To address this new challenge, one often looks for those who have computer science skills, knowledge of statistics, and domain expertise relevant to their specific engineering problems. However, domain expertise is often overlooked, yet it is essential for making judgment calls during the development of an analytic model. “Instead of searching for elusive data scientists, we’re now working with engineering teams by helping their engineers to do data science with a flexible tool environment like MATLAB, which enables engineers to become data scientists,” he added.
Future Industry Perspectives
Sunil foresees there are three key trends to track when it comes to growth in big data analytics, AI, machine learning and deep learning.
Impacts of predictive analytics systems on industries like manufacturing and medical devices
• It’s well-known at this point that data analytics technologies can bring significant business benefits in areas such as predictive maintenance. However, the system architecture for such applications remains an open question. Customers are hesitant to share their data with vendors, logging all of the data from a machine is often impossible given the volume of data created, and responses to events may be needed in milliseconds – much too short of a time to wait for a response from an Internet server. All of these will drive innovation at “the edge”, or on the equipment itself.
• Medical Devices: Predictive analytics systems will allow for more informed and personal relationships between patients and physicians and more effective diagnoses at point-of-care. It is quite possible that predictive analytics will also drive the progress of both preventative and therapeutic care with the data collected from wearables and shared on personal devices.
• As it becomes easier and easier to apply machine learning techniques, more products and services will incorporate machine learning models. Embedded systems, typically used for controls and diagnostics, will incorporate machine learning models that can detect previously unobservable phenomena. In 2018, we’ll continue to see machine learning models being incorporated in new places, especially in edge nodes and embedded processors.

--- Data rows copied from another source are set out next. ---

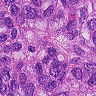
Metastatic tissue present: yes
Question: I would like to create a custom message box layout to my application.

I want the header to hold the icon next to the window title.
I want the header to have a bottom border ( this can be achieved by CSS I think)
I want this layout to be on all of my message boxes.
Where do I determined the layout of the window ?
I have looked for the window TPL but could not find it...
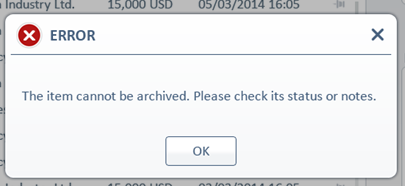
Answer: To show the icon in the header next to the title, instead of using the 'icon' configuration, use the <URL>. While the 'icon' config is overridden in 'Ext.window.MessageBox', 'iconCls' is not.
The bottom border and the icon, you will define them in your own css file. I'm not sure if you can limit the bottom border only to messageboxes, and not have the in other windows.
An example css can look like this:
'''
.x-window-header .x-box-inner {
border-bottom: 1px solid #333;
}
.msg-question {
background-image: url('questionmark-icon.png');
}
'''
Your message box would be like:
'''
Ext.Msg.show({
title:'Save Changes?',
msg: 'Would you like to save your changes?',
buttons: Ext.Msg.YESNOCANCEL,
iconCls: 'msg-question'
});
'''
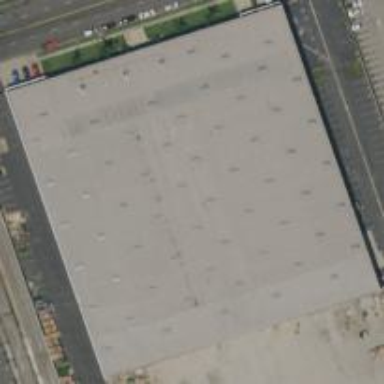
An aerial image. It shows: Warehouse building.
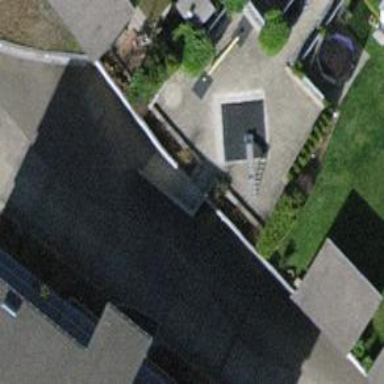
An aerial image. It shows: Playground with slide.
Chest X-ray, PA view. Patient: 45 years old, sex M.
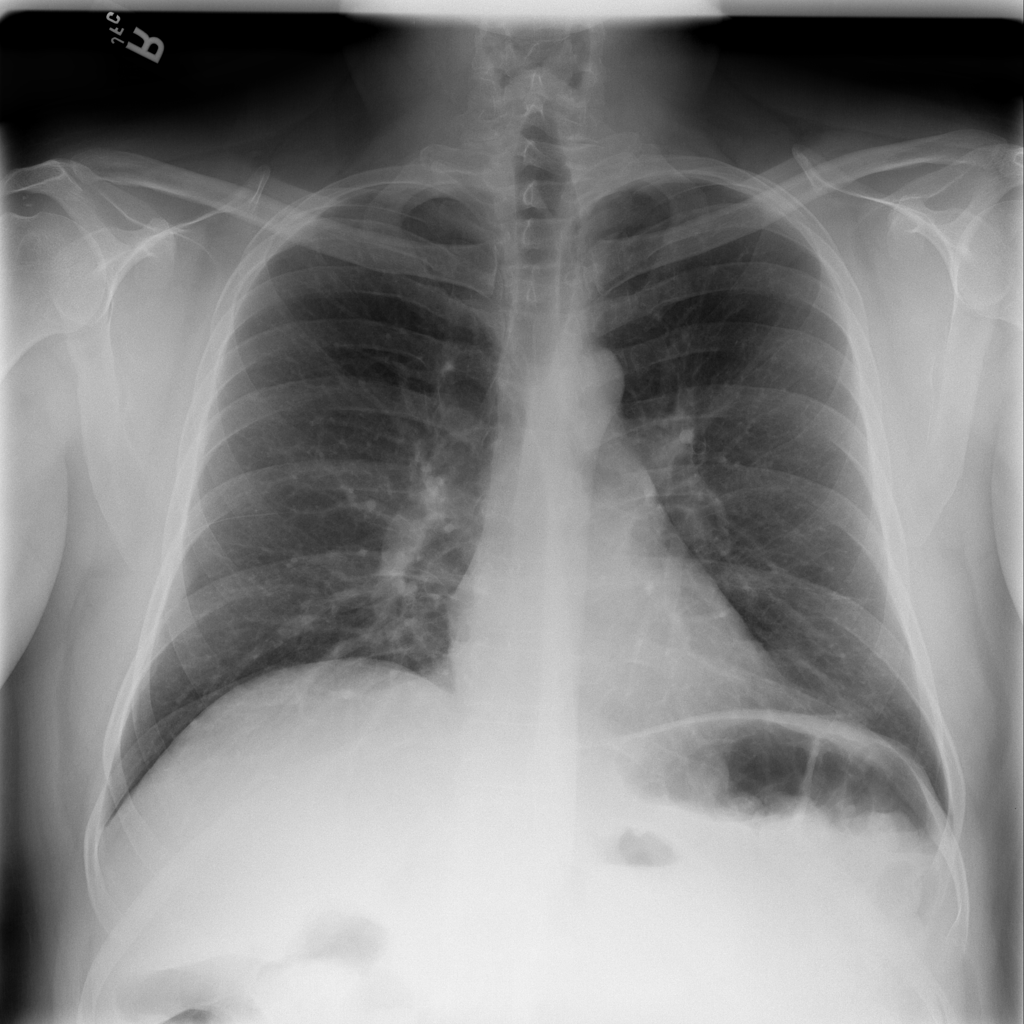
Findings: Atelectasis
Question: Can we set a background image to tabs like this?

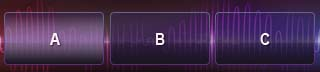
Answer: Following code worked for me:
'''
tabHost.getTabWidget().setBackgroundResource(R.drawable.tabhost_bg);
'''
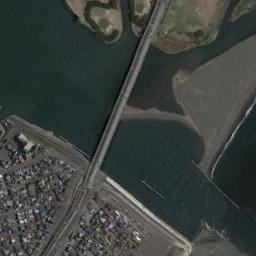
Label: bridge
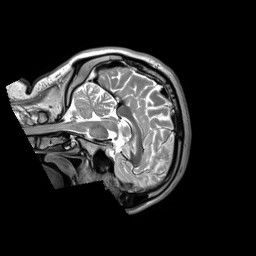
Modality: T2w
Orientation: sagittal
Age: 26
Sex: male
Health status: ill
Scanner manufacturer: siemens
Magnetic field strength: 3 T
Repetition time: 2.8 s
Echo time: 0.326 s
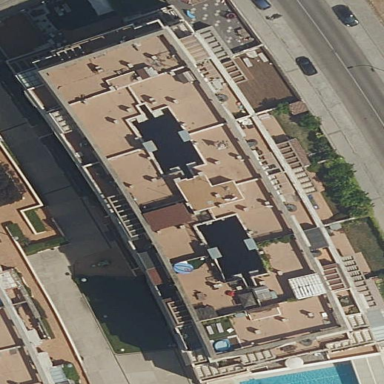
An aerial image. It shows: Image showing building with apartments.
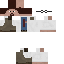
A male human skin with medium skin, wearing brown long hair dressed in a blue hoodie and brown pants, featuring a closed mouth.
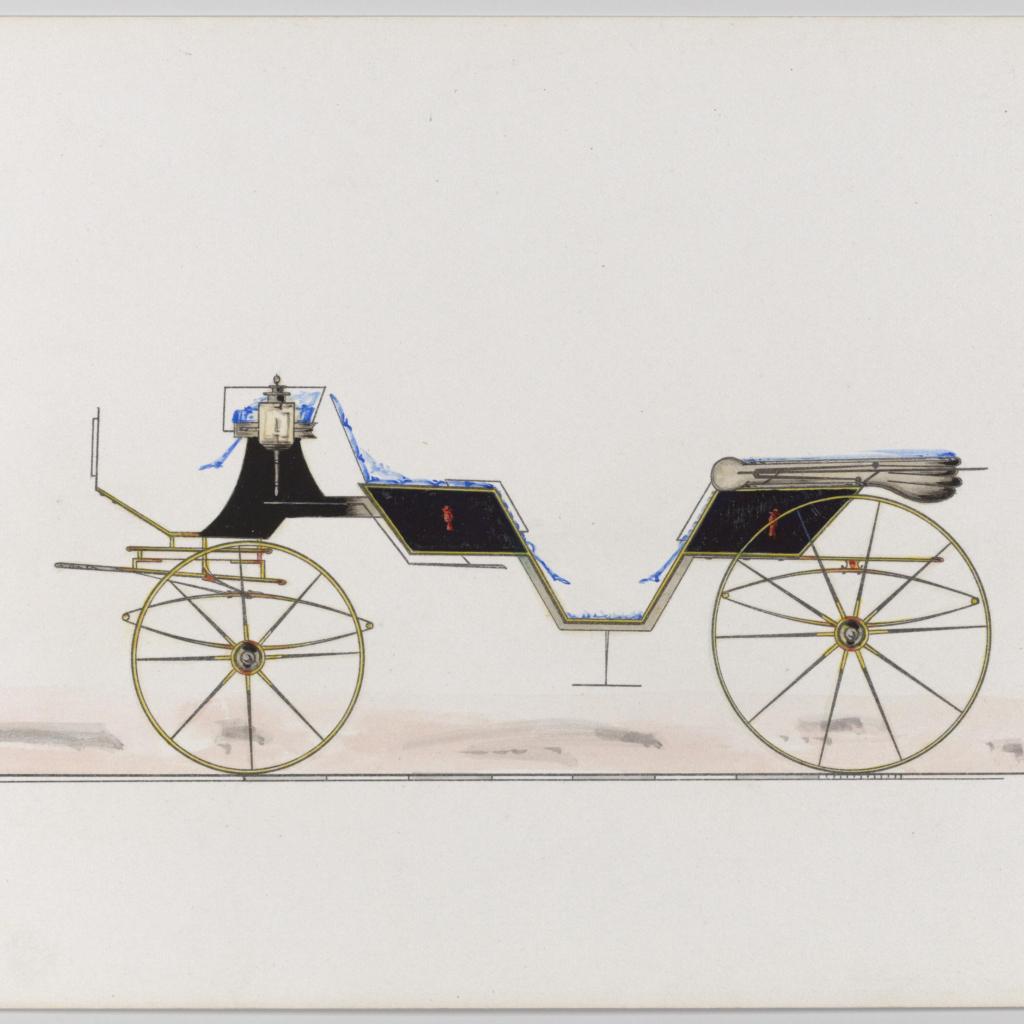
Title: Design for Vis-à-vis (unnumbered)
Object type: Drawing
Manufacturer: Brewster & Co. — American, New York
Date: ca. 1875
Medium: Pen and black ink, watercolor and gouache with gum arabic
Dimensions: sheet: 6 x 8 1/2 in. (15.2 x 21.6 cm)
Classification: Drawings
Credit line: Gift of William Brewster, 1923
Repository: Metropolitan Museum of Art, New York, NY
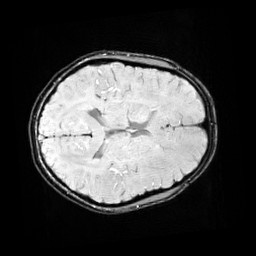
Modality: SWI
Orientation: axial
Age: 14
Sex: female
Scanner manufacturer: siemens
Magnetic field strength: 3 T
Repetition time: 0.027 s
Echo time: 0.02 s
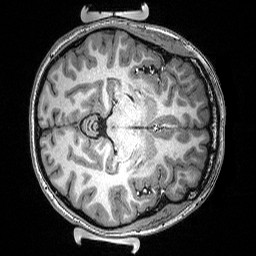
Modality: T1w
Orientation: axial
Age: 21
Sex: female
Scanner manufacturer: siemens
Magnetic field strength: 3 T
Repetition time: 2.53 s
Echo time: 0.0033 s
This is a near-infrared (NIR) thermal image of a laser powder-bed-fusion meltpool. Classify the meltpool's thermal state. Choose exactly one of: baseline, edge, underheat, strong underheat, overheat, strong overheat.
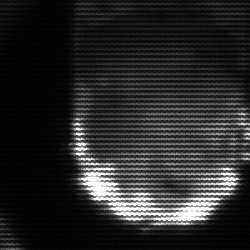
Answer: baseline
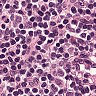
Metastatic tissue present: no
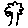
Label: tree
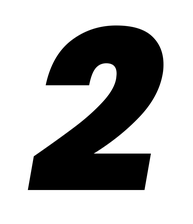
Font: Poppins-ExtraBoldItalic
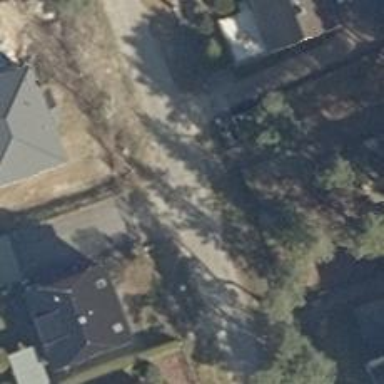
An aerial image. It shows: Driveway leading to service road.
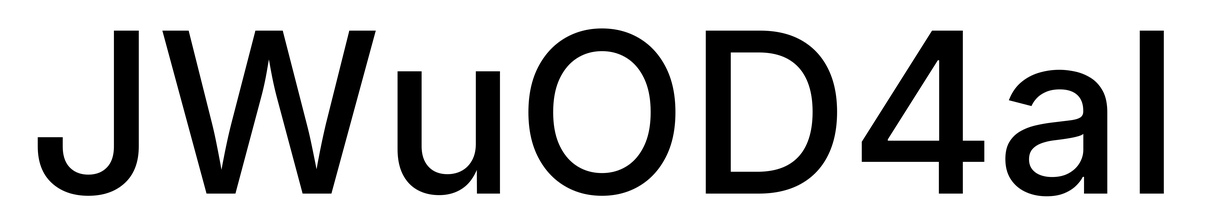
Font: Inter_Medium

• While deep learning continues to look promising, there is still a lot of design and tuning necessary to train a useful deep network. Techniques such as automated hyperparameter tuning appear well-positioned to reduce this work, which should ramp-up the pace of adoption of deep learning.
Domain Experts Take on Data Science
• As engineering and IT teams become more integrated, there will be an increased demand for domain experts that understand the core products and services of the business. Empowering domain experts to apply data science methodologies will enable the rapid integration of big data and machine learning technologies into the services and operations of the broader organization, establishing a significant competitive advantage when offering the products and services that customers are demanding.
More importantly, the ability to create analytics that processes massive amounts of business and engineering data enables designers in many industries to develop intelligent products and services. MathWorks foresees engineers will be challenged to build confidence in using new methods and tools to overcome an ever-increasing amount of data and the growing complexity of software. While teams working on disruptive technologies can successfully mine data to build intelligent systems, a select few are beginning to see the advantages of adopting workflows derived from a common software environment that incorporates data science tools and techniques with physics-based simulation models.